Instructions to follow: Return each record verbatim, images excluded.

Data records:
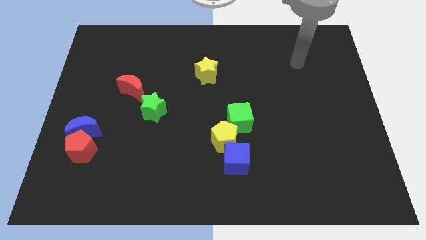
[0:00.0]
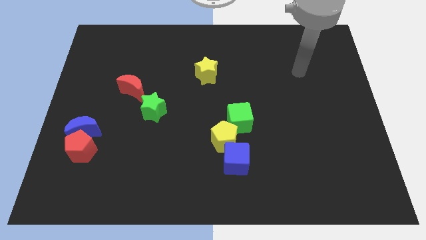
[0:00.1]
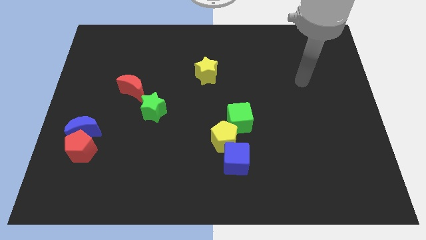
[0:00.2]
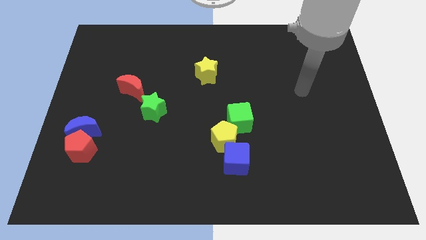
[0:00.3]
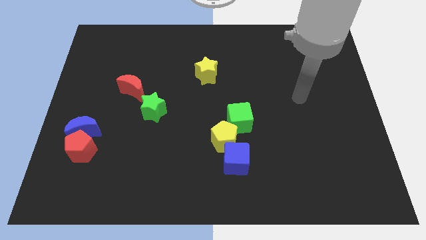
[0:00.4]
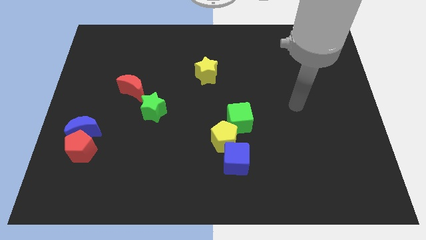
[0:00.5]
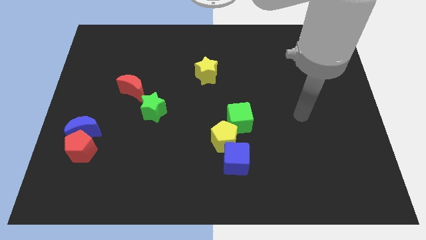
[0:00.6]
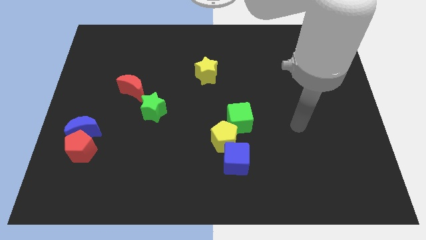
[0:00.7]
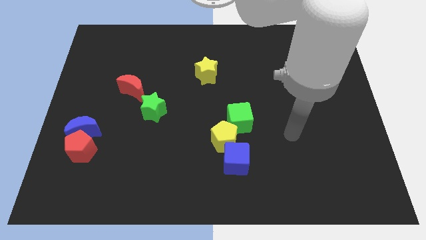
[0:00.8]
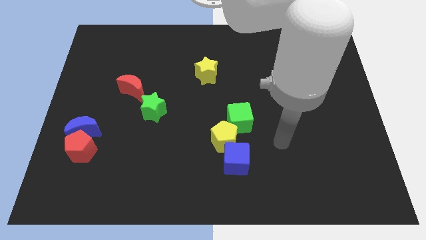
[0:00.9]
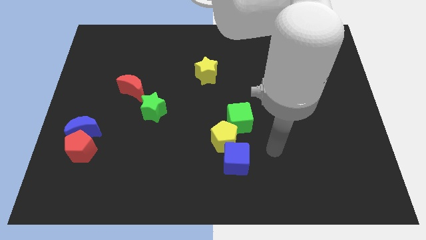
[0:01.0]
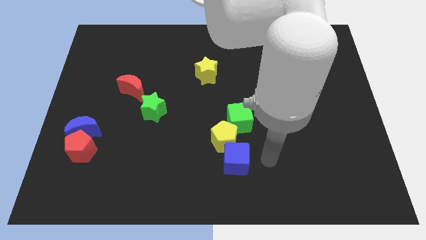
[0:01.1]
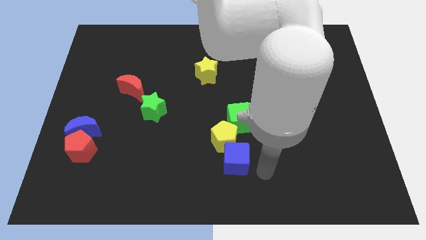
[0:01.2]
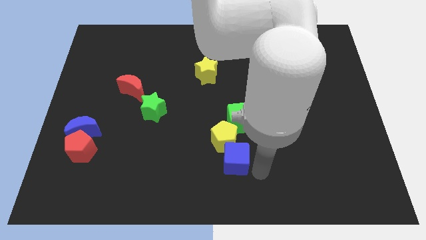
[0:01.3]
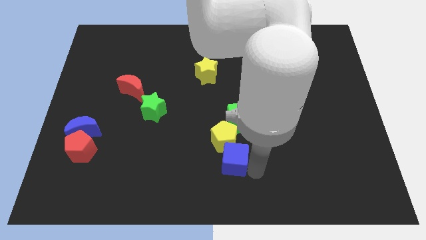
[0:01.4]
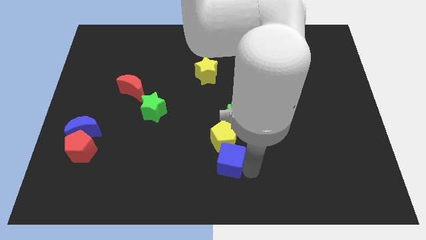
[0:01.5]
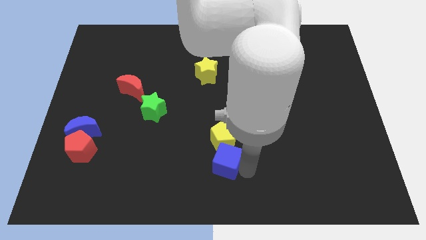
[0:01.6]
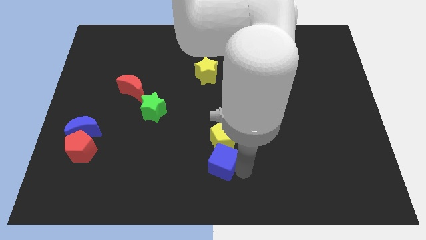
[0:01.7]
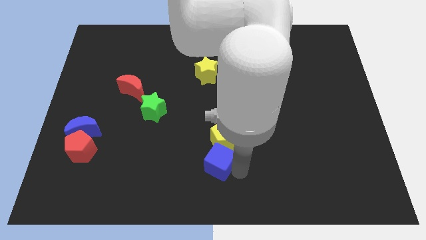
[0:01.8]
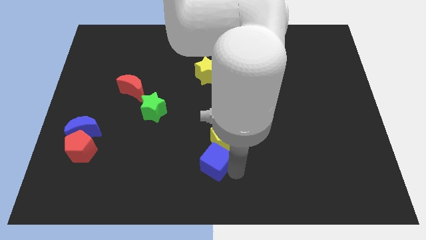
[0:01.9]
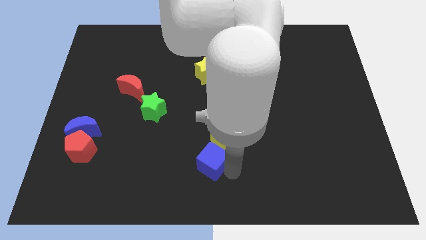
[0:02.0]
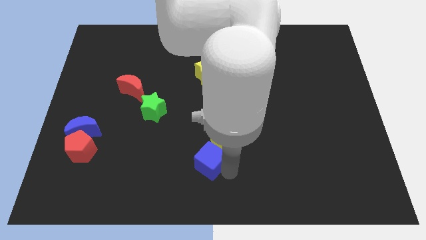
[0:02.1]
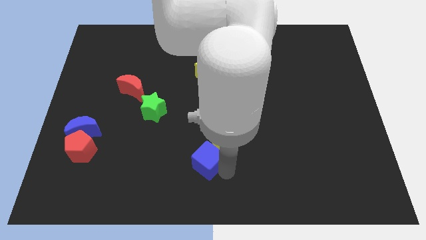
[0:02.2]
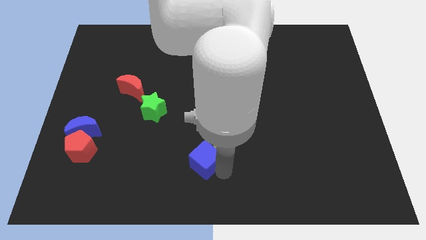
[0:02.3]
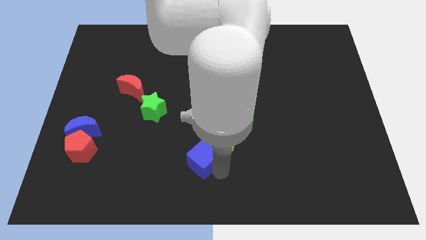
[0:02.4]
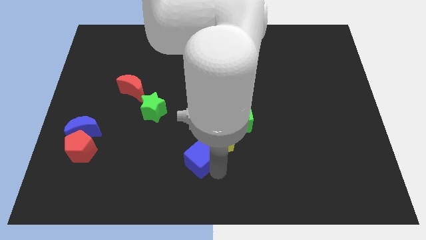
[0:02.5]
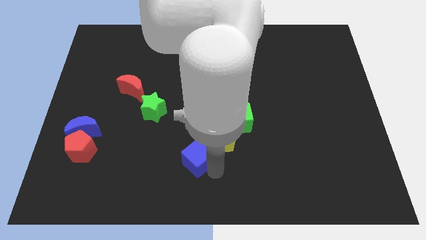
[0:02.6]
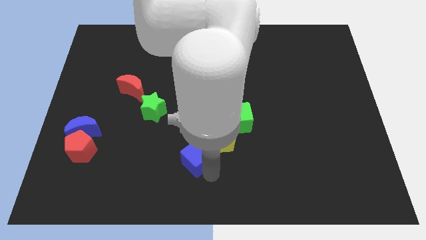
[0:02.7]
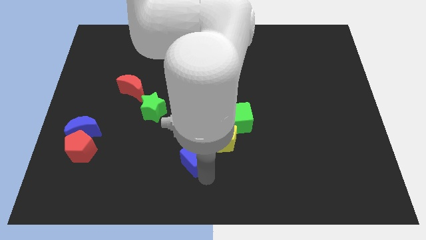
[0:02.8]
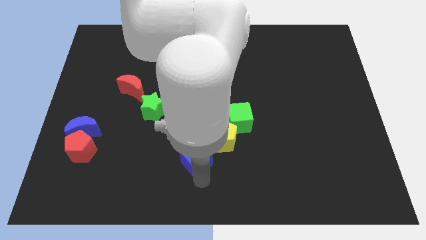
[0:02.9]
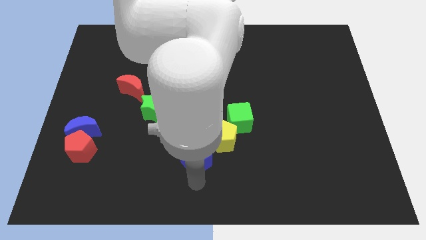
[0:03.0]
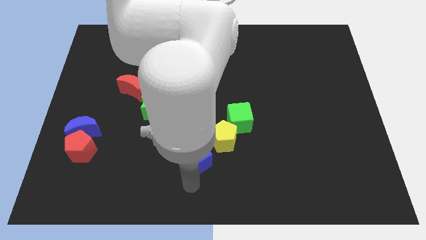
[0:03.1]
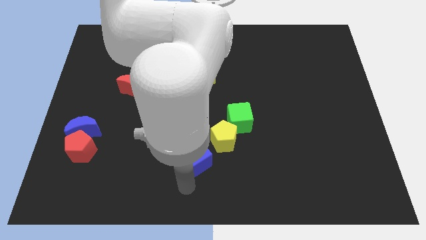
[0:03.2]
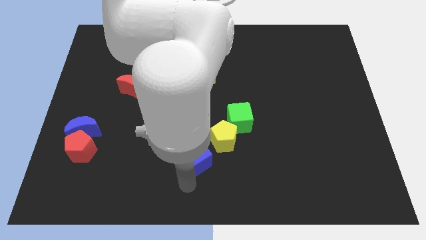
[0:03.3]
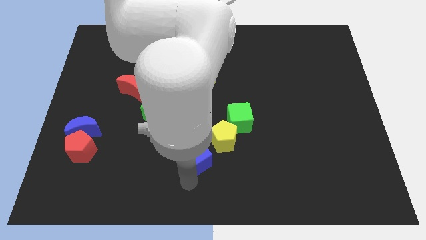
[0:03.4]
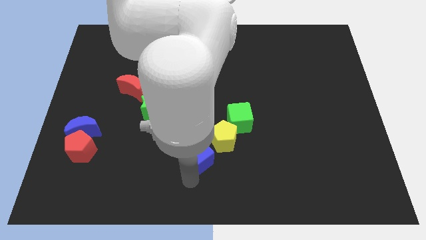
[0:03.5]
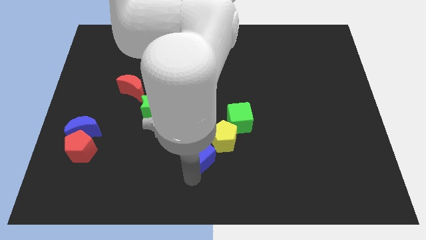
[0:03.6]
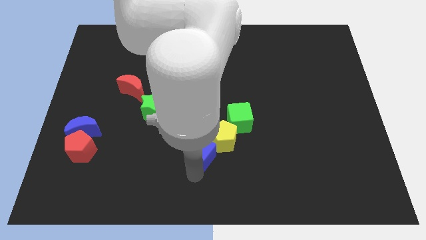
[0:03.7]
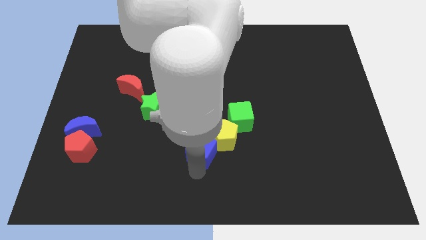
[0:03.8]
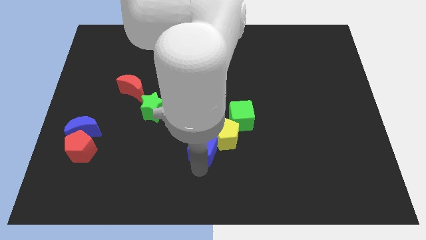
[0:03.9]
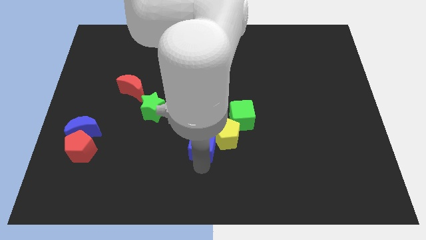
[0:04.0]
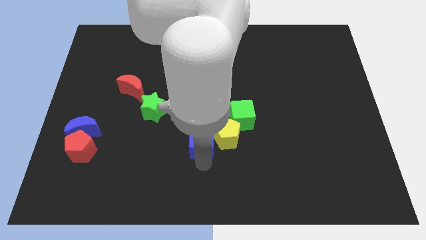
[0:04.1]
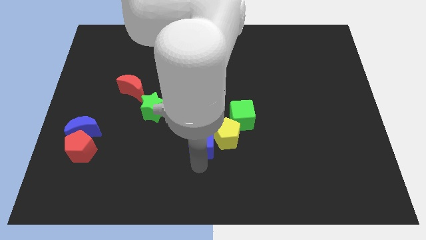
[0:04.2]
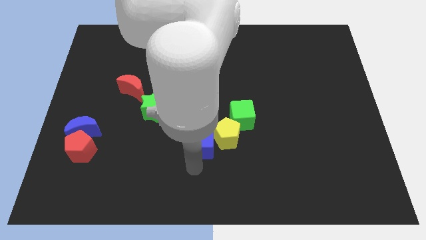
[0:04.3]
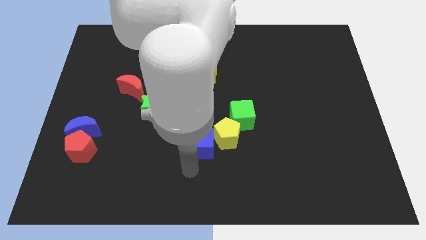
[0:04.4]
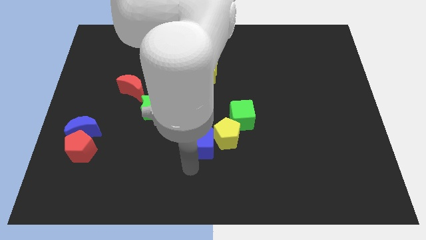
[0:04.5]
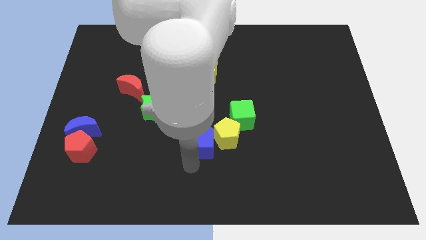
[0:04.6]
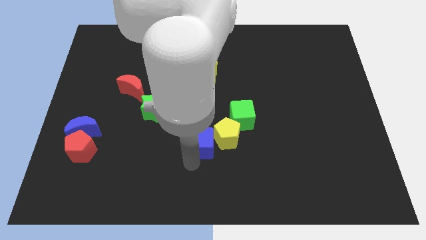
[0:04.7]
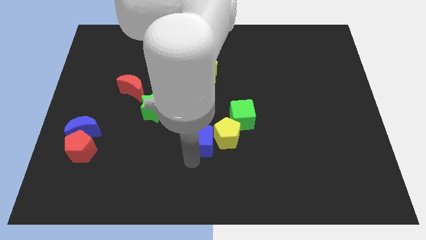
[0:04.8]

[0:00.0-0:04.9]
move the blue cube to the middle of the board

Solved exercise:
[0:00.0]
[0:00.1]
[0:00.2]
[0:00.3]
[0:00.4]
[0:00.5]
[0:00.6]
[0:00.7]
[0:00.8]
[0:00.9]
[0:01.0]
[0:01.1]
[0:01.2]
[0:01.3]
[0:01.4]
[0:01.5]
[0:01.6]
[0:01.7]
[0:01.8]
[0:01.9]
[0:02.0]
[0:02.1]
[0:02.2]
[0:02.3]
[0:02.4]
[0:02.5]
[0:02.6]
[0:02.7]
[0:02.8]
[0:02.9]
[0:03.0]
[0:03.1]
[0:03.2]
[0:03.3]
[0:03.4]
[0:03.5]
[0:03.6]
[0:03.7]
[0:03.8]
[0:03.9]
[0:04.0]
[0:04.1]
[0:04.2]
[0:04.3]
[0:04.4]
[0:04.5]
[0:04.6]
[0:04.7]
[0:04.8]

[0:00.0-0:04.9]
move the blue cube to the middle of the board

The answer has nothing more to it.